In 1891 John G. Nicolay, Lincoln’s former secretary, received a note  from Benedict Guldner, a Jesuit priest in New York, asking for information about a “libellous pamphlet” printed in Germany.   The pamphlet, according to Guldner, was a translation of a work “originally written in this country … in which the author maintains that the assassination of President Lincoln was the work of Jesuits.” Nicolay and John Hay, another former secretary to the President, had not mentioned the allegation in their biography of        Lincoln, and Guldner wished to know if they had heard the charge and if they considered it false. [1]         Nicolay consulted Hay, and then replied:        

          To [y]our first question whether in our studies on the life of Lincoln we came upon the charge that “the assasination of President Lincoln was the work of Jesuits”, we answer that we have read such a charge in a lengthy newspaper publication.  To your second question, viz: “If you did come across it, did the          accusation seem to you to be entirely groundless?”, we answer Yes. It seemed to us so entirely groundless as not to merit any attention on our part.  [2]        

        

        Perhaps the decision of Nicolay and Hay to ignore the charge of a Jesuit conspiracy against Lincoln was unwise. A prompt and firm denial might have prevented further publication of the story.  [3]        

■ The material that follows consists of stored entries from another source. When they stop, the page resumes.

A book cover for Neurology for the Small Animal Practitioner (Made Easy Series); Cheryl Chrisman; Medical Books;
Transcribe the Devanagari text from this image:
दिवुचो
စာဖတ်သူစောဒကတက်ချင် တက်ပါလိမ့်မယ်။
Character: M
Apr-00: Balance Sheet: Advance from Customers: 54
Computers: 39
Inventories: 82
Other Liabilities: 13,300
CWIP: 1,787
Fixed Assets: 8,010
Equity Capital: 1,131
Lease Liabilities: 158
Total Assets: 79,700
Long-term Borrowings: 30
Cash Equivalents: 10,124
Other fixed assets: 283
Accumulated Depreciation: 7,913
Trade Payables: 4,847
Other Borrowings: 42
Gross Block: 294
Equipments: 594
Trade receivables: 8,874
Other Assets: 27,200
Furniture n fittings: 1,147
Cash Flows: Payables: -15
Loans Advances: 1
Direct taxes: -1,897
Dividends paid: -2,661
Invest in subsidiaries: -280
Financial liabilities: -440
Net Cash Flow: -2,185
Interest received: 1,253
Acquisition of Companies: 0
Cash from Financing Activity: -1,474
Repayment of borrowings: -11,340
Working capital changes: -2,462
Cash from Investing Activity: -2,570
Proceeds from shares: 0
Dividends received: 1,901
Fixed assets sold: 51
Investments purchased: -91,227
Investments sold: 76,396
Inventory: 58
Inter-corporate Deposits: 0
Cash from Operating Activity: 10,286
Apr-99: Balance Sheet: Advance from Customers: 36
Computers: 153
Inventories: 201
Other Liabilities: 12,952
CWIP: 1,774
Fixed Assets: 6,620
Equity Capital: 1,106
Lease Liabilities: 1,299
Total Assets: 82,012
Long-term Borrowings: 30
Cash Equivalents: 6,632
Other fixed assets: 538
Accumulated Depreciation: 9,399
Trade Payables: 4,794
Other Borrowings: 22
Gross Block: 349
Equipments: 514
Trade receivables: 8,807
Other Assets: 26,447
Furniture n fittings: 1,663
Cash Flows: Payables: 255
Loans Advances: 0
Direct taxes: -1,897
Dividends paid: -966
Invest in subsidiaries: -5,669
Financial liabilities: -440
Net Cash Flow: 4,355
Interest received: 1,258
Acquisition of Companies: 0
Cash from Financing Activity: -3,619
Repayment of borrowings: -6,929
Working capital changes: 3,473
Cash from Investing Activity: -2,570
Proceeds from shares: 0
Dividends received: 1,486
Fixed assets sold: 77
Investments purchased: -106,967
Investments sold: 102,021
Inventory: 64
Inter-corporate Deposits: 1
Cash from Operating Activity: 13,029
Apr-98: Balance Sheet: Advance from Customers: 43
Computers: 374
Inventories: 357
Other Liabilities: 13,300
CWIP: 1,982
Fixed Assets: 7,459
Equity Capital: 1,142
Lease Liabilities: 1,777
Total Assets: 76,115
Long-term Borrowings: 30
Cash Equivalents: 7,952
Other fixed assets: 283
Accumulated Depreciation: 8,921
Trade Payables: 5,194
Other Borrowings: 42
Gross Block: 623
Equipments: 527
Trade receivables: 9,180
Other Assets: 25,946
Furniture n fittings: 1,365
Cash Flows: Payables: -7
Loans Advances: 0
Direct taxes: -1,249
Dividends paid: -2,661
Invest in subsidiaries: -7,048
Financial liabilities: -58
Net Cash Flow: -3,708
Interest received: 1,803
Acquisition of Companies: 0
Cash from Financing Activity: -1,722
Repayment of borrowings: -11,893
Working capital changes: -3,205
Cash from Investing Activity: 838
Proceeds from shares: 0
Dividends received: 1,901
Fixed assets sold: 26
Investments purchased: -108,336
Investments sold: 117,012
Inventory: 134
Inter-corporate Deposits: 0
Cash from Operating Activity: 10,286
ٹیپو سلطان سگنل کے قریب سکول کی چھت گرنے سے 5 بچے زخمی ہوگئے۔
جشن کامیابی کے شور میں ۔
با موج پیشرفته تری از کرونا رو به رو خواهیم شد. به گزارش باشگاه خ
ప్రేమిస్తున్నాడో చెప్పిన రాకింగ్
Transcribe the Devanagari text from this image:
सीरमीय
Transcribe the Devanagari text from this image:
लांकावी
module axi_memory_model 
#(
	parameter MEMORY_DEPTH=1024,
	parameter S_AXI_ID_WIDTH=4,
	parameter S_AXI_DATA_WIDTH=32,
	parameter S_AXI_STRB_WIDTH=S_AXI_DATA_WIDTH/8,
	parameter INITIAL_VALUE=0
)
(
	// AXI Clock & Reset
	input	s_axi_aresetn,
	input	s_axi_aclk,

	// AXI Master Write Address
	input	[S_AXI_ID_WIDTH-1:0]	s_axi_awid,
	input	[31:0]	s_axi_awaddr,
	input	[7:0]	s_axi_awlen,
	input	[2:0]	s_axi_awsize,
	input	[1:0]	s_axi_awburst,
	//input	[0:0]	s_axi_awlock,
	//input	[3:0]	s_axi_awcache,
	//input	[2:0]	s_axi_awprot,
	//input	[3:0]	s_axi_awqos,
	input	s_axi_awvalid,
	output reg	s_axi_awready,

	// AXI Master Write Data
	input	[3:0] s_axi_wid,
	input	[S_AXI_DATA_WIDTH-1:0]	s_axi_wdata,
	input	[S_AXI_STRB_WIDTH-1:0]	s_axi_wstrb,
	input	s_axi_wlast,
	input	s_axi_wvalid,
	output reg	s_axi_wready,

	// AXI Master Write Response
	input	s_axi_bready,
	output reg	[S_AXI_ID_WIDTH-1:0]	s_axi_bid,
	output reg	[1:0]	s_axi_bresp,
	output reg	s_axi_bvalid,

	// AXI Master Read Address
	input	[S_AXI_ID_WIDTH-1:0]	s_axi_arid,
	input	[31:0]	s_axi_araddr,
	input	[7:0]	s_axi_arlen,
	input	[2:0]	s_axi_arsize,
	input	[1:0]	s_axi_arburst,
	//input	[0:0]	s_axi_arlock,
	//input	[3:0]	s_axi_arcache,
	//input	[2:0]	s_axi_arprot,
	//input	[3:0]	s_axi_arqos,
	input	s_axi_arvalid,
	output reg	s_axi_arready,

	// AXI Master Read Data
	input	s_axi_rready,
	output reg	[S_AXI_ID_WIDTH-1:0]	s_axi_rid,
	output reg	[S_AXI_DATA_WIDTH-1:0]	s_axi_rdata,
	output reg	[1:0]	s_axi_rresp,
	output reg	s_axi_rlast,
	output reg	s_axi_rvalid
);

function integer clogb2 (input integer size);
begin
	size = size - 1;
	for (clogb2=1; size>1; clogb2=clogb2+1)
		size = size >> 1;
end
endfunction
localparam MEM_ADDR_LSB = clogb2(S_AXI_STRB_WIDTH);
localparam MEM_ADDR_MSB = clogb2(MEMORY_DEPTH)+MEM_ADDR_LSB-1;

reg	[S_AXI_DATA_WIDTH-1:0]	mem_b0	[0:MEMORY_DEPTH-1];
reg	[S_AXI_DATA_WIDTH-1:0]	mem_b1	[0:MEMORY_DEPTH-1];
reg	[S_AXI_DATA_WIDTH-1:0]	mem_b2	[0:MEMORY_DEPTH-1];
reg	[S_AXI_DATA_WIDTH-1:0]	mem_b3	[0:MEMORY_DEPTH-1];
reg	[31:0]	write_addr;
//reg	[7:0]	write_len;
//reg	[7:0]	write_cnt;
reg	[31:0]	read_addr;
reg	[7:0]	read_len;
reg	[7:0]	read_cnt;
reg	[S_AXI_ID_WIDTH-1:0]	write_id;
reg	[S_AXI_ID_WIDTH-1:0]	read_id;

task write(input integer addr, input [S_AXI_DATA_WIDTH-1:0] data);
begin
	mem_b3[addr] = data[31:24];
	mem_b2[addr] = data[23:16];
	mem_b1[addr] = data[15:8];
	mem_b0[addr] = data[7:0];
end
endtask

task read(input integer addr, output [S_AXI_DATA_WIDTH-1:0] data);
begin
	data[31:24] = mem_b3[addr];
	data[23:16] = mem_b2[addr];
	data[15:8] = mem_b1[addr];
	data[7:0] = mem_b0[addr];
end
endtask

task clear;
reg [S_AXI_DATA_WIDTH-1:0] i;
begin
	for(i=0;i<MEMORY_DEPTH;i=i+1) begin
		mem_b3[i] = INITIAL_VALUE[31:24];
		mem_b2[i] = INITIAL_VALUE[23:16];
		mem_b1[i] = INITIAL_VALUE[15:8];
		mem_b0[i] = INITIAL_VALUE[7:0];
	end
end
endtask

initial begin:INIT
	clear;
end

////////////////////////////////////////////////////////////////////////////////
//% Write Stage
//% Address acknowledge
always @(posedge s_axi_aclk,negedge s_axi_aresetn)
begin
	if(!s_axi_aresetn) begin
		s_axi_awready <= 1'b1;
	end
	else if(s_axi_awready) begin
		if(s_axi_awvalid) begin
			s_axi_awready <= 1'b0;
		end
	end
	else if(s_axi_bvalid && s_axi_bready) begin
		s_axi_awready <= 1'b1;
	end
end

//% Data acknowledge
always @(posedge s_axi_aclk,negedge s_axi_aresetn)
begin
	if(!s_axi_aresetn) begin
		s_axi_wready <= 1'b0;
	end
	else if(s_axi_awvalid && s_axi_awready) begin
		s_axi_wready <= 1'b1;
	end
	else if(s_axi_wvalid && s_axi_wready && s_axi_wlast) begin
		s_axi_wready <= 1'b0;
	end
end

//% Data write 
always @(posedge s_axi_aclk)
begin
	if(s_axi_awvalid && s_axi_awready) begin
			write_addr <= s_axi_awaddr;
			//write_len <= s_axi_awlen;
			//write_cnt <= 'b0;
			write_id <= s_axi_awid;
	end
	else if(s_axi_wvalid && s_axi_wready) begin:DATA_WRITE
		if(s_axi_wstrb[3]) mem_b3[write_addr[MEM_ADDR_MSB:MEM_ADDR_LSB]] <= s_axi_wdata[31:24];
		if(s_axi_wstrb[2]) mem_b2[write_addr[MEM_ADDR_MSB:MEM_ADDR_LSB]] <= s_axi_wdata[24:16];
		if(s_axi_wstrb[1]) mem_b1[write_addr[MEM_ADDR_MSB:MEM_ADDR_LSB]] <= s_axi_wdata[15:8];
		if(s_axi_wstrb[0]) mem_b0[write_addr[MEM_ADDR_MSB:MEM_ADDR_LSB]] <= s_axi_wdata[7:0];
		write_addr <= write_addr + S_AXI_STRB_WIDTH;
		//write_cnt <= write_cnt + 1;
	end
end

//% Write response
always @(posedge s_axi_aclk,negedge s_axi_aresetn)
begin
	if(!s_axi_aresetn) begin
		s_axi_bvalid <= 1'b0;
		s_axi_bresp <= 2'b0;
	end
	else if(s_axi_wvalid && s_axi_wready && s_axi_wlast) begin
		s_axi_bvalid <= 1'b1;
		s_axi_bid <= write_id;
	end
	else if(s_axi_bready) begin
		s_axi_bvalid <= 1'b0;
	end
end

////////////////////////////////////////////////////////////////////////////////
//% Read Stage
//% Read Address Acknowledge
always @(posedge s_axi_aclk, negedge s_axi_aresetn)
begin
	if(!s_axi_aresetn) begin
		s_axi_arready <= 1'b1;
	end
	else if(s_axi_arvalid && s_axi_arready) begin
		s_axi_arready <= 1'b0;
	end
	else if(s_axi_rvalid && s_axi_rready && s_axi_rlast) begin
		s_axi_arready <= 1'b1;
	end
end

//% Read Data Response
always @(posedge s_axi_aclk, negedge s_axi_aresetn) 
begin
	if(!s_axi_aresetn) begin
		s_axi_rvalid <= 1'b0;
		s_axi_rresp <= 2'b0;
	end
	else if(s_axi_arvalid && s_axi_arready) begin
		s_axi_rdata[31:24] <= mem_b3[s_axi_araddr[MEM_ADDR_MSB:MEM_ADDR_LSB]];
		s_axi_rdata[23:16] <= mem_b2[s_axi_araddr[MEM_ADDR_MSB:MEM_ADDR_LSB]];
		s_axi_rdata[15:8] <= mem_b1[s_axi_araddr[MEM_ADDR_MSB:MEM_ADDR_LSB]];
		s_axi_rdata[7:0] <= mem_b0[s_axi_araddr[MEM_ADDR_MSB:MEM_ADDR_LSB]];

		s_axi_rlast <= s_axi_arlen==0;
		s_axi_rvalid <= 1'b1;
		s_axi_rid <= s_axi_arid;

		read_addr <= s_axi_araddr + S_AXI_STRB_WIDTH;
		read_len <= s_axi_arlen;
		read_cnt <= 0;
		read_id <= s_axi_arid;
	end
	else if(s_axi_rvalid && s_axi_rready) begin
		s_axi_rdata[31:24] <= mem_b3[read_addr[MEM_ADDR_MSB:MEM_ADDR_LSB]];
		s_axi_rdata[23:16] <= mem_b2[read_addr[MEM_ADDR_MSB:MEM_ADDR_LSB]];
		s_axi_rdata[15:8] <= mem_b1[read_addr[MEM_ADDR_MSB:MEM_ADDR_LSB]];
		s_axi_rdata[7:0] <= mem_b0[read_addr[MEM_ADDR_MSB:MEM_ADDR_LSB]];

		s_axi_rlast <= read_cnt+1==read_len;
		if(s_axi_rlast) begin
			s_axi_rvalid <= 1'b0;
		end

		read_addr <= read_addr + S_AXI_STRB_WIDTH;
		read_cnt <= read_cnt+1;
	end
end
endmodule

        The originator of the conspiracy theory was Charles P.T. Chiniquy, a former Catholic priest who claimed to be a close friend and confidant of Abraham Lincoln’s.   According to Chiniquy, “emissaries of the        Pope” were plotting to murder Lincoln for his defense of Chiniquy in an 1856 trial.   Chiniquy’s autobiography, Fifty Years in the Church of Rome, published in 1885,  attributes remarks to the President on a variety of subjects, particularly religion. [4]  Most of Chinquy’s stories are so foreign to what is known about the Sixteenth President that scholars  have ignored them. Nevertheless, many of the less sensational portions of Chiniquy’s reminiscences have been used by serious students of Lincoln’s life, and the most sensational passages have been widely quoted and disseminated by writers engaged in anti-Catholic polemics.

Go here to read the rest.  The conclusion of the article says it all:

It is clear that Charles Chiniquy met Lincoln in 1856 in Urbana and engaged his legal services. The facts of the case differ significantly, however, from those reported in Chiniquy’s autobiography. As to the  three separate interviews in Washington, it is reasonable to assume that the first two never took place. If a third did occur, it was for the purpose of obtaining a charitable contribution from the President. One may also conclude that Lincoln never offered Chiniquy a post in the foreign service, nor did he engage the former priest in long conversations about the Bible and assassination plots. [44]       

        As the by-no-means-exhaustive list of pamphlets and books cited in this essay suggests, Chiniquy’s charges against the Catholic church will be kept alive by sectarian battlers disposed to believe what was said in Fifty Years in the Church of Rome. [45] Scholars, however, even when tempted to use less sensational passages from Chiniquy’s book, should be wary. There is no evidence to support his  claim that he was a close friend of the Sixteenth President.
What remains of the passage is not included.